- [What to work on]:
Pick out the lines below that contain the string "rect" and copy them all.

(Stored items)
========

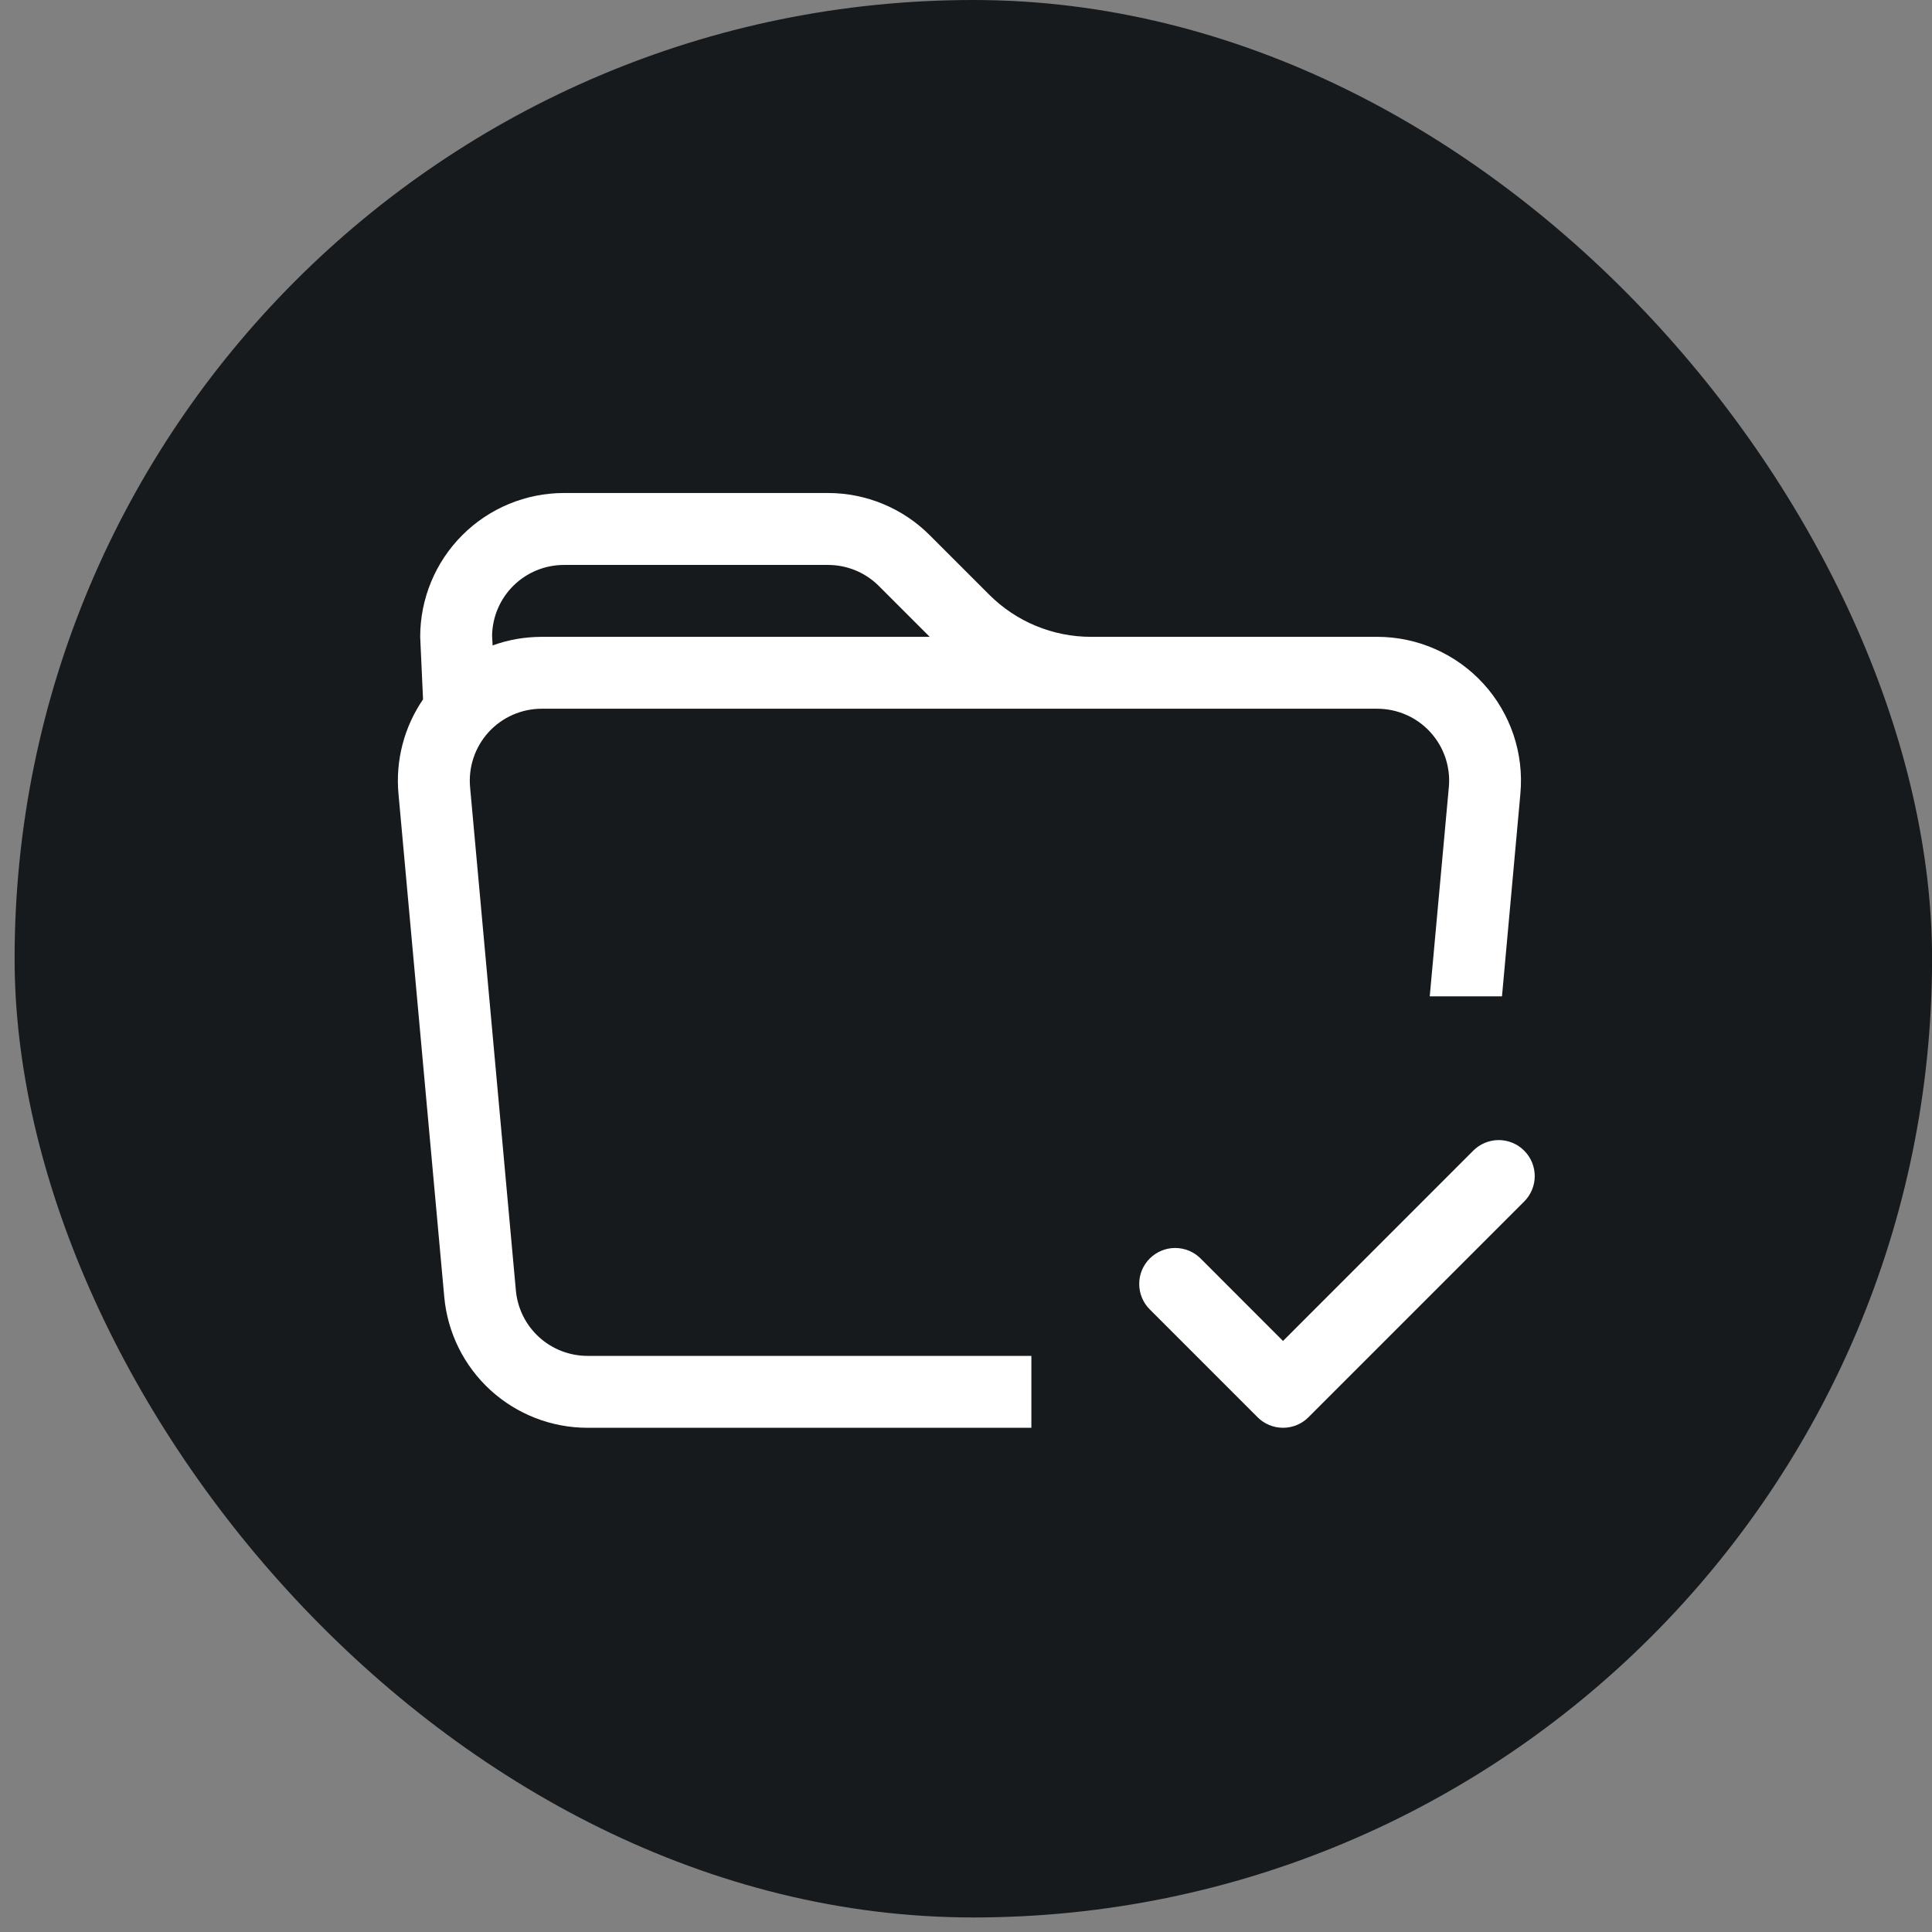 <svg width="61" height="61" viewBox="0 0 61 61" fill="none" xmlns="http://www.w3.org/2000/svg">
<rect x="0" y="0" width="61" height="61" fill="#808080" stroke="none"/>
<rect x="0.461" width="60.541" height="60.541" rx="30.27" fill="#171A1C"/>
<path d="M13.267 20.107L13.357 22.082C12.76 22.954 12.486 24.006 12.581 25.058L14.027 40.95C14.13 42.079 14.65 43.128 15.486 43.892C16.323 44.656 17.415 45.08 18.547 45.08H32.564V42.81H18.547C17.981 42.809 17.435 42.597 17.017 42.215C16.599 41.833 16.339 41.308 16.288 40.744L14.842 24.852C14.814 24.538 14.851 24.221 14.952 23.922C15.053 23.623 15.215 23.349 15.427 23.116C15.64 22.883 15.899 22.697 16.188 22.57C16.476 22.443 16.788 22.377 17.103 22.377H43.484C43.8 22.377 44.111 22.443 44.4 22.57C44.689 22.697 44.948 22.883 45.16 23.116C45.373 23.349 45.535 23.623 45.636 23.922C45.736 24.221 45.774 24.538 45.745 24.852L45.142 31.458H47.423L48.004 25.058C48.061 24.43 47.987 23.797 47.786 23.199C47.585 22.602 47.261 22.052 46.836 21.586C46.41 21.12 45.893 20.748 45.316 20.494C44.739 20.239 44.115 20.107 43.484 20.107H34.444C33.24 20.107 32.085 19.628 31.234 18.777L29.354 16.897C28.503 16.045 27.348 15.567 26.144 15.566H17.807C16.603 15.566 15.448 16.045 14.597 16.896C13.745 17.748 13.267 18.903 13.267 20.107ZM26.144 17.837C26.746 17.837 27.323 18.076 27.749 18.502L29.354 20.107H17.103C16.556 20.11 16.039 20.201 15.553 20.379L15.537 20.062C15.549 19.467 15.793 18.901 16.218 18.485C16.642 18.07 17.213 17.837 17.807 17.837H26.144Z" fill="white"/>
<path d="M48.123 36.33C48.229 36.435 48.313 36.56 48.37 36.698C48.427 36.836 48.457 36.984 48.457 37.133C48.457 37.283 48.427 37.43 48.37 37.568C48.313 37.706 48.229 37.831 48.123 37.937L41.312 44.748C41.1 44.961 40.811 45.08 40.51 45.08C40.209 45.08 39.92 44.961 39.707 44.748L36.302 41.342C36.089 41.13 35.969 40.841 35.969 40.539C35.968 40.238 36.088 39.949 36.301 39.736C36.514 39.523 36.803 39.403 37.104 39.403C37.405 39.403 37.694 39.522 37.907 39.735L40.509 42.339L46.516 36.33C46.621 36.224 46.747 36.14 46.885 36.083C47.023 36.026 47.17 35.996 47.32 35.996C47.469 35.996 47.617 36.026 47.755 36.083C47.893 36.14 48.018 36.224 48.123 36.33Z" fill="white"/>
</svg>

========

- [Your solution]:
<rect x="0" y="0" width="61" height="61" fill="#808080" stroke="none"/>
<rect x="0.461" width="60.541" height="60.541" rx="30.27" fill="#171A1C"/>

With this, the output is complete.